Goal of the exercise: Both the line with "absorver a Libras" and the line with "mnie przed jego" in the records below must appear in the output, along with every line between them, exactly and with nothing added.

Dataset:
************
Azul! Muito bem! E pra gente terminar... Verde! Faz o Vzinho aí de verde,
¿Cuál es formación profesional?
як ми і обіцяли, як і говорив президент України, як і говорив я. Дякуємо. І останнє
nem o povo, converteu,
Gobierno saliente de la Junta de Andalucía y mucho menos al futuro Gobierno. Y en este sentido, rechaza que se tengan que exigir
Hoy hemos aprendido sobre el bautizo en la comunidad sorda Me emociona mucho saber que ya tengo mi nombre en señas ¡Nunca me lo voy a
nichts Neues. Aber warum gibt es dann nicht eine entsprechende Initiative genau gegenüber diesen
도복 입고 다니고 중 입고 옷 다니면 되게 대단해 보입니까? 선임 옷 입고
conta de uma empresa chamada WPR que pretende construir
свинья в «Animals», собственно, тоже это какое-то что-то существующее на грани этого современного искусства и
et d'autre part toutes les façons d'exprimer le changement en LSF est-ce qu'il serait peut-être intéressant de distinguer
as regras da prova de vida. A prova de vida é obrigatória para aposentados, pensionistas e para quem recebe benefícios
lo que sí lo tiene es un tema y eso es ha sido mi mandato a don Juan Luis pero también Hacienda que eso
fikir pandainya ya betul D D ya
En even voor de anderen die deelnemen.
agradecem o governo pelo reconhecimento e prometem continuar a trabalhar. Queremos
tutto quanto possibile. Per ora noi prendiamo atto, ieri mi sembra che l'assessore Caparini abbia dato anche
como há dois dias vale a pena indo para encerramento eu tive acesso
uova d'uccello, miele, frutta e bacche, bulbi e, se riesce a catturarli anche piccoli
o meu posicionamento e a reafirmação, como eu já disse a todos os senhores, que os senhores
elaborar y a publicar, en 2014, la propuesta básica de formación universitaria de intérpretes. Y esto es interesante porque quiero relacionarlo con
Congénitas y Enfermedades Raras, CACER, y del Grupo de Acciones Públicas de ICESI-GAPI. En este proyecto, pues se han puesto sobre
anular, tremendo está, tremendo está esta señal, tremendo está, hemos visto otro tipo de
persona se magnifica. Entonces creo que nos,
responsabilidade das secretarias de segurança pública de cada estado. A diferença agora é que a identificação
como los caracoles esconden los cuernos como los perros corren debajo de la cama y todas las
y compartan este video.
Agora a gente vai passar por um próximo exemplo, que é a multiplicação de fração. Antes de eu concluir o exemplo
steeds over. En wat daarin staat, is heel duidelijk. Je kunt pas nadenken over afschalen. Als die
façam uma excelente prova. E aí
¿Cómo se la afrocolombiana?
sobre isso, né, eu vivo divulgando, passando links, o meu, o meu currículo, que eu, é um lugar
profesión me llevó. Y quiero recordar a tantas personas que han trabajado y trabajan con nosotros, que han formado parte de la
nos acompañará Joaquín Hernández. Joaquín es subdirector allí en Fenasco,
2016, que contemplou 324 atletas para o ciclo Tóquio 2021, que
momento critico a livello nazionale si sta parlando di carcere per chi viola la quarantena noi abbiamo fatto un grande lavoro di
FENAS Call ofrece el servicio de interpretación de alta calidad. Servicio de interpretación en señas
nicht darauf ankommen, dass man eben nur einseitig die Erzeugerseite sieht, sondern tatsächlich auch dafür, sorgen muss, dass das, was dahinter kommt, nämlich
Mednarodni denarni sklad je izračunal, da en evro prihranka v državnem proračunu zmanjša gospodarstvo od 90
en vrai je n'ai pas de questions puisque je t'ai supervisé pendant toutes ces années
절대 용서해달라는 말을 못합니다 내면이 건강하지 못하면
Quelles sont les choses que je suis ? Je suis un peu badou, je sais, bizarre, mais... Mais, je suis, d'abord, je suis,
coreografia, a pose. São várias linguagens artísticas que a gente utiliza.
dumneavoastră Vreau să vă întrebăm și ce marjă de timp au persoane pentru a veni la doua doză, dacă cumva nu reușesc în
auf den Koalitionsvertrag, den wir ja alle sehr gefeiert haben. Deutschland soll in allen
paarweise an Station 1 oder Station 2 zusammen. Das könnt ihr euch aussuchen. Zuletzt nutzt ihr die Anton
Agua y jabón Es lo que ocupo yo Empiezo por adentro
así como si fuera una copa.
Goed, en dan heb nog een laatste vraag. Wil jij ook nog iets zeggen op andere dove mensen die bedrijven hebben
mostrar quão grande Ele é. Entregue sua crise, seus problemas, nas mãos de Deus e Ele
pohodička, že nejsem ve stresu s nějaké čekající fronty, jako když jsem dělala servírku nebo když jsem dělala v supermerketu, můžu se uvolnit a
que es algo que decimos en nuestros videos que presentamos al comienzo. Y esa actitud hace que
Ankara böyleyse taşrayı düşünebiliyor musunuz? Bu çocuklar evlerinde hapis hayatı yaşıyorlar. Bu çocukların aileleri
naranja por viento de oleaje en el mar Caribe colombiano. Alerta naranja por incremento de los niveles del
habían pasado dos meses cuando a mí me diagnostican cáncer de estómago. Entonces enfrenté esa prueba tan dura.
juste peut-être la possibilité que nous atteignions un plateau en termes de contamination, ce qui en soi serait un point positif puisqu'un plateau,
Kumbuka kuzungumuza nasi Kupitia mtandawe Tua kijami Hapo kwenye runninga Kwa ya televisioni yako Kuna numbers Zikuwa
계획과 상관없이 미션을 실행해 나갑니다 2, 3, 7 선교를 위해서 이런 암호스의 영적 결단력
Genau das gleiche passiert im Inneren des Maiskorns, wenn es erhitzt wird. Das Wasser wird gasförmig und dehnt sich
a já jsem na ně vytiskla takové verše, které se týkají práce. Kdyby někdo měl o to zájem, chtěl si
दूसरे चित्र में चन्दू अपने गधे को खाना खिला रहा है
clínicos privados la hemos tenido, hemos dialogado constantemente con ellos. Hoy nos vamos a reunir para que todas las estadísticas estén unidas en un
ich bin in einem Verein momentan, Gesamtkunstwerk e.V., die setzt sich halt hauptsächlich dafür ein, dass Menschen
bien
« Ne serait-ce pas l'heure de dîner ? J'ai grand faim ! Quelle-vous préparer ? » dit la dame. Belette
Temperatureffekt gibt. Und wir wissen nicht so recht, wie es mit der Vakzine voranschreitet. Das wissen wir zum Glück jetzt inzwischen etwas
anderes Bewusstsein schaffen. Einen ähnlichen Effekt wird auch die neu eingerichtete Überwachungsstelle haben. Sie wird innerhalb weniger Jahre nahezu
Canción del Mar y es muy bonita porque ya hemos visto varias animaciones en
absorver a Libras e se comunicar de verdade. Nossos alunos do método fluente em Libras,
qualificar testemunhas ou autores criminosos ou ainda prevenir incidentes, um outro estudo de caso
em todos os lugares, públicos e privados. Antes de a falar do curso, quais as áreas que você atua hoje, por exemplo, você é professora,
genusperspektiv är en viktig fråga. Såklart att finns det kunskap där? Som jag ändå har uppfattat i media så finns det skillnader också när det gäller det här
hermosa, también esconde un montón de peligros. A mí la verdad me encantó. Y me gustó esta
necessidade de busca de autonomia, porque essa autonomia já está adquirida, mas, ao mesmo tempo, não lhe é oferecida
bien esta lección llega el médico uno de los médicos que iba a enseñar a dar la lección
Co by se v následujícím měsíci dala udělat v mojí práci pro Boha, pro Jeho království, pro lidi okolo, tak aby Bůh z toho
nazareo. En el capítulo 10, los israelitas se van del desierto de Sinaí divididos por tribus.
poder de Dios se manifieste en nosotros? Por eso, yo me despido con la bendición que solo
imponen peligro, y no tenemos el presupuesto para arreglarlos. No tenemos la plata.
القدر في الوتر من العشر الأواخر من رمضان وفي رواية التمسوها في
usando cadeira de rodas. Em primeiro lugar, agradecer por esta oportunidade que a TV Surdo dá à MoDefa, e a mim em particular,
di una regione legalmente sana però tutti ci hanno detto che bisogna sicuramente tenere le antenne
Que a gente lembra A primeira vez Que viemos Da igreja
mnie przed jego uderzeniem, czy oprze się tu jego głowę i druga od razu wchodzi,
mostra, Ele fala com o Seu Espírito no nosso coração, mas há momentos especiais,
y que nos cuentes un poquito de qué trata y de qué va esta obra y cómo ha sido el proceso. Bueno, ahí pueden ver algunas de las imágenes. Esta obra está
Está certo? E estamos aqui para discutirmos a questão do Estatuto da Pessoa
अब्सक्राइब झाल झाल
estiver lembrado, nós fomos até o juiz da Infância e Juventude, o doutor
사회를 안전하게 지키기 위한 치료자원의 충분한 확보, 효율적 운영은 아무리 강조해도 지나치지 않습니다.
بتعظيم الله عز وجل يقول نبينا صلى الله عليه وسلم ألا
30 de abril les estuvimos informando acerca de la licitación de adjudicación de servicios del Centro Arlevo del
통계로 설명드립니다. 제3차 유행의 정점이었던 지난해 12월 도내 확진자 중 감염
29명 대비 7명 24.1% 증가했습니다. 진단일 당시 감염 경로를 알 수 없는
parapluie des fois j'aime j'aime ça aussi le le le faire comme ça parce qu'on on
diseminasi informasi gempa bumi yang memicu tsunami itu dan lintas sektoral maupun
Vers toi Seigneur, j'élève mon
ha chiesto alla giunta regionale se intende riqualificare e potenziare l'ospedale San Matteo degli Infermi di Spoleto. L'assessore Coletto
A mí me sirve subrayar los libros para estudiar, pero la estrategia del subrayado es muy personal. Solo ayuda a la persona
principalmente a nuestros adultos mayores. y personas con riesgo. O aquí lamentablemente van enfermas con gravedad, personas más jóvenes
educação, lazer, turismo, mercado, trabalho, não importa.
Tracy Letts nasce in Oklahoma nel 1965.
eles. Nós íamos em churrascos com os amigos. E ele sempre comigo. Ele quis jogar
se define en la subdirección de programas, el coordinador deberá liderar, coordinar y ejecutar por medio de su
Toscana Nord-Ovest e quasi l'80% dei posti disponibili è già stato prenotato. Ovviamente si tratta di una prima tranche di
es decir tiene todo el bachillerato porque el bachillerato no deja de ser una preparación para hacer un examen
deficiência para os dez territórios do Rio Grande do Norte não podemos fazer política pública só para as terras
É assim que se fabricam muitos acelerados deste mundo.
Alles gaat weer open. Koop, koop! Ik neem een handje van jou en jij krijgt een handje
************
Response below:
absorver a Libras e se comunicar de verdade. Nossos alunos do método fluente em Libras,
qualificar testemunhas ou autores criminosos ou ainda prevenir incidentes, um outro estudo de caso
em todos os lugares, públicos e privados. Antes de a falar do curso, quais as áreas que você atua hoje, por exemplo, você é professora,
genusperspektiv är en viktig fråga. Såklart att finns det kunskap där? Som jag ändå har uppfattat i media så finns det skillnader också när det gäller det här
hermosa, también esconde un montón de peligros. A mí la verdad me encantó. Y me gustó esta
necessidade de busca de autonomia, porque essa autonomia já está adquirida, mas, ao mesmo tempo, não lhe é oferecida
bien esta lección llega el médico uno de los médicos que iba a enseñar a dar la lección
Co by se v následujícím měsíci dala udělat v mojí práci pro Boha, pro Jeho království, pro lidi okolo, tak aby Bůh z toho
nazareo. En el capítulo 10, los israelitas se van del desierto de Sinaí divididos por tribus.
poder de Dios se manifieste en nosotros? Por eso, yo me despido con la bendición que solo
imponen peligro, y no tenemos el presupuesto para arreglarlos. No tenemos la plata.
القدر في الوتر من العشر الأواخر من رمضان وفي رواية التمسوها في
usando cadeira de rodas. Em primeiro lugar, agradecer por esta oportunidade que a TV Surdo dá à MoDefa, e a mim em particular,
di una regione legalmente sana però tutti ci hanno detto che bisogna sicuramente tenere le antenne
Que a gente lembra A primeira vez Que viemos Da igreja
mnie przed jego uderzeniem, czy oprze się tu jego głowę i druga od razu wchodzi,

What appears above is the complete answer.